GIVEN INFORMATION:
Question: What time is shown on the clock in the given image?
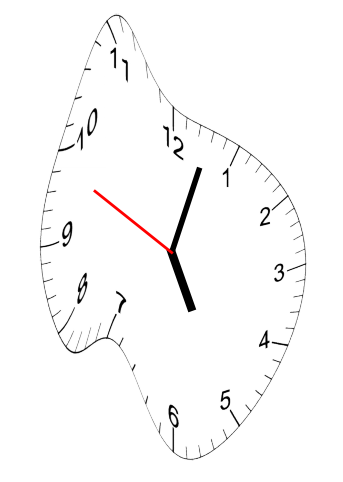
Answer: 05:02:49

* * *

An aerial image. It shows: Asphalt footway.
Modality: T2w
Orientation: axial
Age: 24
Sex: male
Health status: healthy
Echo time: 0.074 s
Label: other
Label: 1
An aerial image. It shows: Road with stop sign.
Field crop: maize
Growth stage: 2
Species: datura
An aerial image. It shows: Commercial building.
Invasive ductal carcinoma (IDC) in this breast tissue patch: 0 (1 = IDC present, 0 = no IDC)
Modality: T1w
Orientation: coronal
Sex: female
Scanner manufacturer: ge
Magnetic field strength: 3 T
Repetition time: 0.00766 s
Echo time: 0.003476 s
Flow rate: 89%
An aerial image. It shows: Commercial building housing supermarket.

EXERCISE:
Among the entries above, the lines between the ones containing "Magnetic field strength: 3 T" and "An aerial image. It shows: Commercial building housing", inclusive, are to be transcribed exactly. No other line is to be given.

WRITTEN SOLUTION:
Magnetic field strength: 3 T
Repetition time: 0.00766 s
Echo time: 0.003476 s
Flow rate: 89%
An aerial image. It shows: Commercial building housing supermarket.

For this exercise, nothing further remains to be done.